Robert Yokota explores building a relational database on top of Kafka. It follows his previous article on creating an in-memory cache on backed by Kafka. RDBM systems are commonly thought of keeping track of tables and rows. The semantics of SQL reinforce the concept of rows being updatable. In practice though, most implementation use an immutable log under the hood. That is what makes transactions possible, each with its own consistent view of the world. Kafka can be thought of as an “exposed” MVCC system, and the current state of the data can be derived by consuming the messages in a topic. The article is interesting in that it assembles a relation database by using different existing open-source projects.

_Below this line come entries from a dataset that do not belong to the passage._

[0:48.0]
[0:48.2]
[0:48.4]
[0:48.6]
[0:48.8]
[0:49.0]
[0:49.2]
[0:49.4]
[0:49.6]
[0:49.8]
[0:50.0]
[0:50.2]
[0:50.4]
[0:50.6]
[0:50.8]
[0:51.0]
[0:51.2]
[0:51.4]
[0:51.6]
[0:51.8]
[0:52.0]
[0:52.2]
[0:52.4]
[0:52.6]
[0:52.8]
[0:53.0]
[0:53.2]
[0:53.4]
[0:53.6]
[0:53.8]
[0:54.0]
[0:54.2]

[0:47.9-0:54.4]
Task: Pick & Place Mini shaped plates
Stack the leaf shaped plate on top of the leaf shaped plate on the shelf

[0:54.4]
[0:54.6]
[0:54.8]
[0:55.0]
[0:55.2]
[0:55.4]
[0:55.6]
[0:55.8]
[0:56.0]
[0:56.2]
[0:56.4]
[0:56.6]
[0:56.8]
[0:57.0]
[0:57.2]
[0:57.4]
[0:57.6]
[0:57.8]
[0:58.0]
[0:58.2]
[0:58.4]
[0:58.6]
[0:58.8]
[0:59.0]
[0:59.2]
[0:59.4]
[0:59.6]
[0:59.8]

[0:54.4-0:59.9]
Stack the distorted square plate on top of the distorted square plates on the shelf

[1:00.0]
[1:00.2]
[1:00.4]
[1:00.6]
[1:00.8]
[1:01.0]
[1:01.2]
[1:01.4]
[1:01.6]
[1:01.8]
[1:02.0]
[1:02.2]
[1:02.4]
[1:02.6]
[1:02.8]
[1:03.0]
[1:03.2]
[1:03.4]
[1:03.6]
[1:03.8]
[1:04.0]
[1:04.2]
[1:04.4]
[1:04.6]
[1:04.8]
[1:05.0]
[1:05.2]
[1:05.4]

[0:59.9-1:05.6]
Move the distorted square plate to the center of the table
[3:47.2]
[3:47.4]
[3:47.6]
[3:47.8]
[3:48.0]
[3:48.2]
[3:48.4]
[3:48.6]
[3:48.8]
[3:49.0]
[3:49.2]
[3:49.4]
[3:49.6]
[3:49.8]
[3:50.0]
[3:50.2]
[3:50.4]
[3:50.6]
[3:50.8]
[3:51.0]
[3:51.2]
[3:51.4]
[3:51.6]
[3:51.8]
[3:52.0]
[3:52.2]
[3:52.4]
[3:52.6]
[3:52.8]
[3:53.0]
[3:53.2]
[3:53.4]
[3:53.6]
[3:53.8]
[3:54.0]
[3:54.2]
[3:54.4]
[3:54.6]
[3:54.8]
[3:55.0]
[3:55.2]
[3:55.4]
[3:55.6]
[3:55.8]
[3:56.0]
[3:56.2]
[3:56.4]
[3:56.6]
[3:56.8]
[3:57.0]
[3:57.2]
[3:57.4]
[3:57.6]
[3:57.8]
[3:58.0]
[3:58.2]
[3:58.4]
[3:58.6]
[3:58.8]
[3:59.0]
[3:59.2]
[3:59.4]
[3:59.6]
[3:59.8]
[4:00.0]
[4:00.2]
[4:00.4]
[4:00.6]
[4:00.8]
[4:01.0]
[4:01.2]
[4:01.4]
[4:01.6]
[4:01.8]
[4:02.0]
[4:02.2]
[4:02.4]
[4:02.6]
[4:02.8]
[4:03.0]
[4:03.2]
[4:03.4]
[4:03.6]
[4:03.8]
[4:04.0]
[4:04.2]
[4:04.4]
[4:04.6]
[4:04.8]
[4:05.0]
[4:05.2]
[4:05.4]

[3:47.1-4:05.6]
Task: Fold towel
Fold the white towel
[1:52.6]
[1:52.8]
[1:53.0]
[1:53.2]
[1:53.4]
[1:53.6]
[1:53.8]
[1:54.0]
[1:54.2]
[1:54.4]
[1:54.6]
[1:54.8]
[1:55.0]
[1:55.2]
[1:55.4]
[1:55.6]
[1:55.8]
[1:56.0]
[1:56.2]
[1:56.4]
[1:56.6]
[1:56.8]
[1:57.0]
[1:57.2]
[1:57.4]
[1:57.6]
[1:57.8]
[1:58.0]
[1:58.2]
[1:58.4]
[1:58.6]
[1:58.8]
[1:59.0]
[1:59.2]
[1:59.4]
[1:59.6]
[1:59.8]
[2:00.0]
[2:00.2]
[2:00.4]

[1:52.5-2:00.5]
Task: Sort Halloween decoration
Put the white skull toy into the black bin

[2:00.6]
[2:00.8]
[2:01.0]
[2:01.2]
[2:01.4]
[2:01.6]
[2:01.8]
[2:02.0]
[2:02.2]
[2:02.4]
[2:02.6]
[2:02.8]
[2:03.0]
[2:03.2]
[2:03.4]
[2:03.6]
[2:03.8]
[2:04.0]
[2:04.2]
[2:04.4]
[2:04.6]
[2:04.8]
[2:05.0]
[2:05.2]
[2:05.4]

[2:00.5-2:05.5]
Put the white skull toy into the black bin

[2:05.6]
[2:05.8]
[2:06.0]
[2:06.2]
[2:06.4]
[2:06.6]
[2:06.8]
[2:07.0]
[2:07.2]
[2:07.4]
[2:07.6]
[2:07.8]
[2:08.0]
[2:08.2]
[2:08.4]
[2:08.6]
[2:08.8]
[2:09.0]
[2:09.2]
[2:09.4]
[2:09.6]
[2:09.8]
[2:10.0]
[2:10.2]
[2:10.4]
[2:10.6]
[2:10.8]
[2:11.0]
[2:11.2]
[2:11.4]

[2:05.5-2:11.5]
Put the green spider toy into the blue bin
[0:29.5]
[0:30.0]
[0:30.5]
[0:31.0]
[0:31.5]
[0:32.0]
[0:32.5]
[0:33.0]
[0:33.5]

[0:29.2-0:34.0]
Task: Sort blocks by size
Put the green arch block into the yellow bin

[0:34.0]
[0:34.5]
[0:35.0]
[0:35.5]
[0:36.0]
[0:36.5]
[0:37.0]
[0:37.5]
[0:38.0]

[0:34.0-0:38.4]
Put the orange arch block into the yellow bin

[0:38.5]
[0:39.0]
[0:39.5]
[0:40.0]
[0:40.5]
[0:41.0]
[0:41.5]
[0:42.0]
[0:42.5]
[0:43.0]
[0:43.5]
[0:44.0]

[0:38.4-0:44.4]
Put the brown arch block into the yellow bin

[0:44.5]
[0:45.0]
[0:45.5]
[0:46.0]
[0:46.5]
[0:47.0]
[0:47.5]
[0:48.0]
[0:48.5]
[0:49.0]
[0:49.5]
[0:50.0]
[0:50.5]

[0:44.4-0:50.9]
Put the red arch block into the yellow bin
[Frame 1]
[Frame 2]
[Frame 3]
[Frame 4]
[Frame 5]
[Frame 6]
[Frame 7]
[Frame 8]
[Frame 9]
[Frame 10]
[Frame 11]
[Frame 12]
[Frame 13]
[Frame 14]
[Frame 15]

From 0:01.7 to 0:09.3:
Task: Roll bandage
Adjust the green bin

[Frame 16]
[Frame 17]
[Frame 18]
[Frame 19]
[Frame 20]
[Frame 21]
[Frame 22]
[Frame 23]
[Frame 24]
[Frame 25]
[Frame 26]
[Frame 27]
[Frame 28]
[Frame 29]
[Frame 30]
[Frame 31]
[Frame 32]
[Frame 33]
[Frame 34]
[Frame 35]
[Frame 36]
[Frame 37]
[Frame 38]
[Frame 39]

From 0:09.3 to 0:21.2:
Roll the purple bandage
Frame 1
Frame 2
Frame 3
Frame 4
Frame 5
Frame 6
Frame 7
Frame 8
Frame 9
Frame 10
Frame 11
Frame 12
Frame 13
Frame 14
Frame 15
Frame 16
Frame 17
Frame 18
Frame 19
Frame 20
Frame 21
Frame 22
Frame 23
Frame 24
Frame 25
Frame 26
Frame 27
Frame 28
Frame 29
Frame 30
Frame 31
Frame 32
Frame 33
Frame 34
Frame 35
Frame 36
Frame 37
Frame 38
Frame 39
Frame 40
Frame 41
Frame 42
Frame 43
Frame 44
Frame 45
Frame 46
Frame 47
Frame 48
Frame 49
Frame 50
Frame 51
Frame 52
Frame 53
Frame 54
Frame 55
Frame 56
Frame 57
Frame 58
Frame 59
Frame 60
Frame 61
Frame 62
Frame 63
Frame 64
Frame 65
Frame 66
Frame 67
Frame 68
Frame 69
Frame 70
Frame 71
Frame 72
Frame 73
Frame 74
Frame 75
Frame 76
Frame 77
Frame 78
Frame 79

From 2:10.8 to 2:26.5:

3 Key Ideas Behind The Erlang Thesis

Yiming Chen summarizes Joe Armstrong’s thesis: “Making reliable distributed systems in the presence of software errors”. The 3 key ideas identified: Concurrency oriented programming, abstracting concurrency, and let-it-fail philosophy. Armstrong is Erlang’s creator, and his thesis has been very influential in the Erlang and Elixir communities.

The REPL: Issue 60 - August 2019

Issue 60! I’ve been posting my favorite links to tech articles every month for the last 5 years! I’ve linked to 163 in that time (not including the links in this post). And, now that I am looking back… I realize that I’ve made a mistake and I re-used #53 for the 2018-12 and 2019-12 issues. ¯\_(ツ)_/¯

Engineers Don’t Solve Problems

This article by Dean Chahim is not about software engineering or computer science. It’s about Mexico City’s infrastructure and the decades-long battle to prevent flooding in the city. The article stroke a chord with me: Mexico City is my home town, it’s where I went to University to obtain my degree in Civil Engineering. The article illustrates how engineers make trade-offs that might have far-reaching consequences, and are not immune from political and socio-economic influence. There are lessons there for all engineers.

How to Build Good Software

Software has characteristics that make it hard to build with traditional management techniques; effective development requires a different, more exploratory and iterative approach.

Li Hongyi writes a thoughtful article on why software projects are not the same as other engineering projects, and require different management techniques. Successful software projects are very iterative and oscillate between cycles discovery and consolidation.

Arcs of Seniority

Stevan Popovic breaks down engineering seniority into a few factors: Independence, authority, Design, and Influence. During once career each of these develops in an engineer, and mark different types of seniority. As expected, not everyone reaches the same maturity in all factors at once. Each senior engineer has it’s own mix. The illustrations on the articles are particularly helpful.